Trabuco Leonardo G, Villa Elizabeth, Mitra Kakoli, Frank Joachim, Schulten Klaus
Beckman Institute, University of Illinois at Urbana-Champaign, Urbana, IL 61801, USA.
Structure. 2008 May;16(5):673-83. doi: 10.1016/j.str.2008.03.005.
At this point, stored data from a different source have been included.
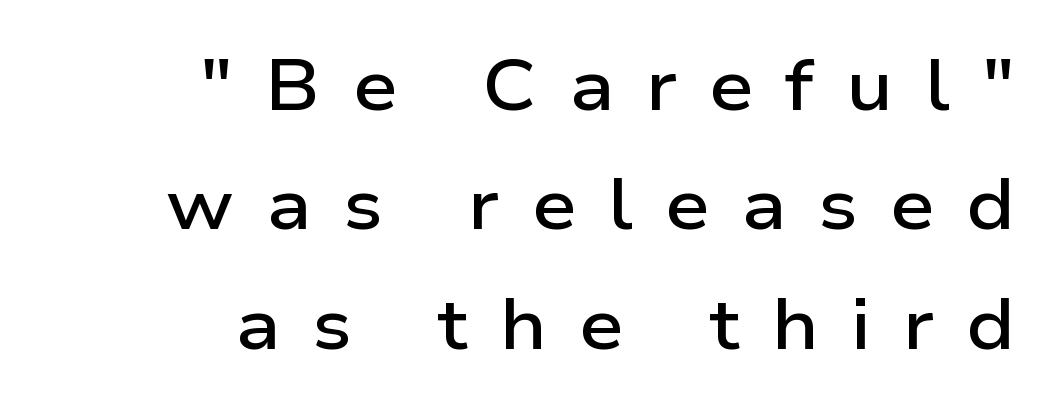
Q: Is the text bold? A: Semi-bold.
Q: Is the text italic (slanted)? A: No, it is upright.
Q: Is the typeface a serif or a sans-serif typeface? A: Sans-serif.
Q: Is the text underlined? A: No.
Q: How is the paragraph aligned? A: Right-aligned.
Q: Is the spacing between letters normal or unusually wide? A: Unusually wide.
Q: Is the spacing between lines tight, normal or loose? A: Normal.
Q: Width (condensed, normal, or wide)? A: Wide.
Q: Stroke contrast? A: Low.
Q: x-height? A: Medium.
Q: Monospaced? A: No.
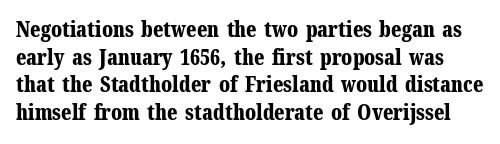
The image shows 21 px bold type, upright; set normal line spacing (1.32x), normal letter spacing, not underlined.
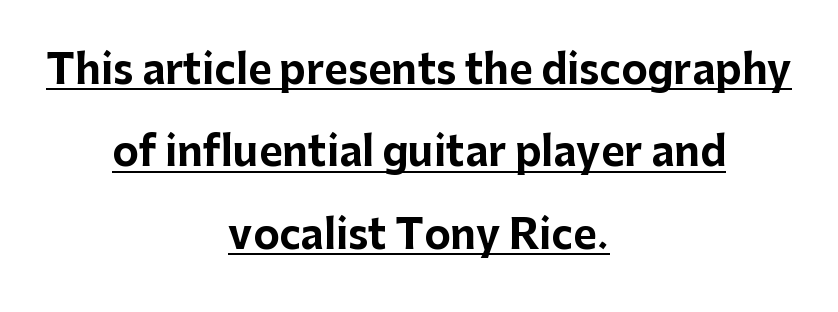
The image shows 40 px bold sans-serif type, upright; set centered, loose line spacing (2.06x), normal letter spacing, underlined; low stroke contrast and a medium x-height.
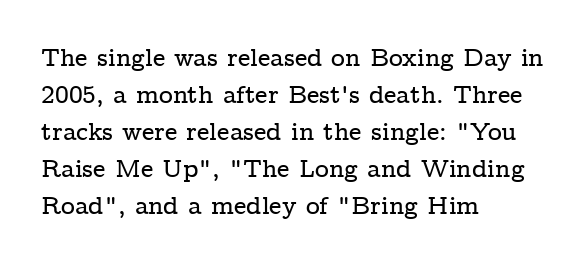
The image shows 24 px text type, upright; set left-aligned, normal line spacing (1.54x), normal letter spacing, not underlined.
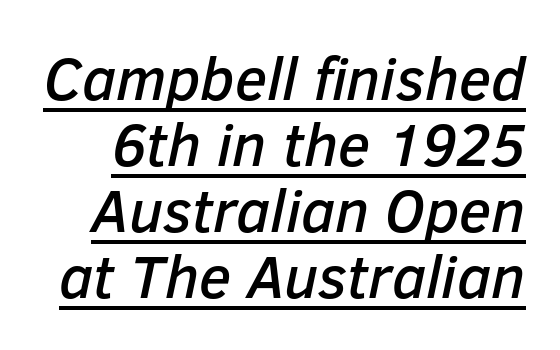
{"italic": "yes", "lean": "right", "slant_degrees": 12, "width": "normal", "stroke_contrast": "low", "x_height": "medium", "monospaced": "no", "underline": "yes", "line_spacing": "tight", "line_spacing_ratio": 1.1, "letter_spacing": "normal", "letter_spacing_em": 0.0, "glyph_px": 60}
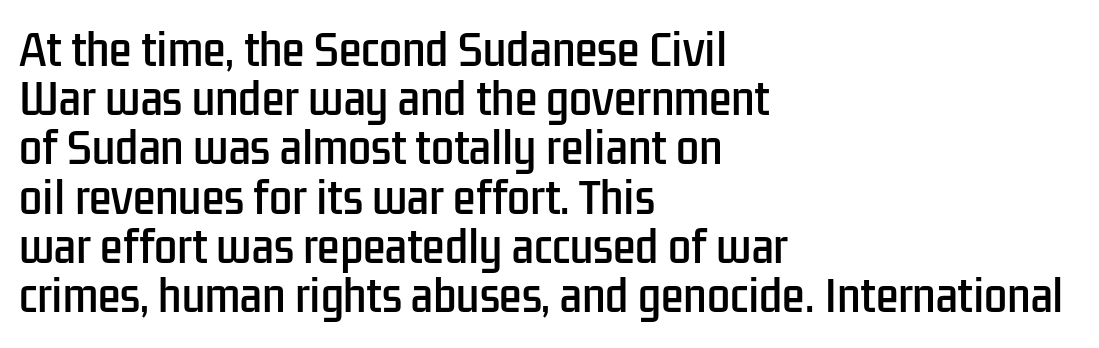
Q: Is the text italic (slanted)? A: No, it is upright.
Q: Is the typeface a serif or a sans-serif typeface? A: Sans-serif.
Q: Is the text underlined? A: No.
Q: How is the paragraph aligned? A: Left-aligned.
Q: Is the spacing between letters normal or unusually wide? A: Normal.
Q: Width (condensed, normal, or wide)? A: Condensed.
Q: Stroke contrast? A: Low.
Q: x-height? A: Medium.
Q: Monospaced? A: No.
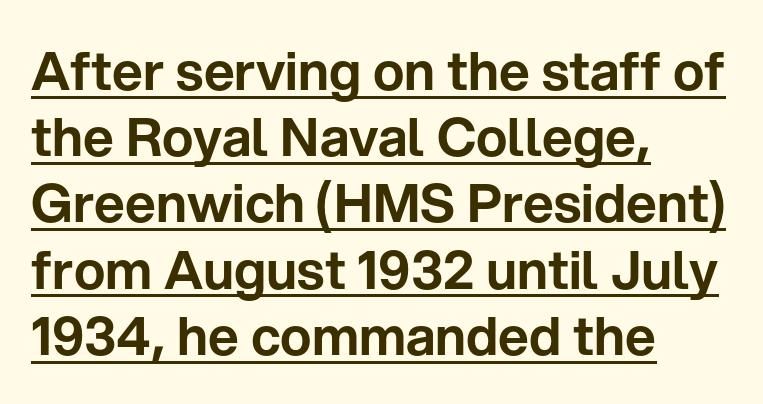
Q: Is the text italic (slanted)? A: No, it is upright.
Q: Is the typeface a serif or a sans-serif typeface? A: Sans-serif.
Q: Is the text underlined? A: Yes.
Q: How is the paragraph aligned? A: Left-aligned.
Q: Is the spacing between letters normal or unusually wide? A: Normal.
Q: Is the spacing between lines tight, normal or loose? A: Normal.
Q: Width (condensed, normal, or wide)? A: Normal.
Q: Stroke contrast? A: Low.
Q: x-height? A: Medium.
Q: Monospaced? A: No.

A novel method to flexibly fit atomic structures into electron microscopy (EM) maps using molecular dynamics simulations is presented. The simulations incorporate the EM data as an external potential added to the molecular dynamics force field, allowing all internal features present in the EM map to be used in the fitting process, while the model remains fully flexible and stereochemically correct. The molecular dynamics flexible fitting (MDFF) method is validated for available crystal structures of protein and RNA in different conformations; measures to assess and monitor the fitting process are introduced. The MDFF method is then used to obtain high-resolution structures of the E. coli ribosome in different functional states imaged by cryo-EM.
本文提出了一种利用分子动力学模拟将原子结构灵活拟合到电子显微镜(EM)图谱中的新方法。模拟过程将EM数据作为外部势添加到分子动力学力场中,使得EM图谱中呈现的所有内部特征都能用于拟合过程,同时模型保持完全灵活且立体化学正确。分子动力学灵活拟合(MDFF)方法针对不同构象的蛋白质和RNA的可用晶体结构进行了验证;还介绍了评估和监测拟合过程的措施。然后,MDFF方法被用于获得通过冷冻电镜成像的处于不同功能状态的大肠杆菌核糖体的高分辨率结构。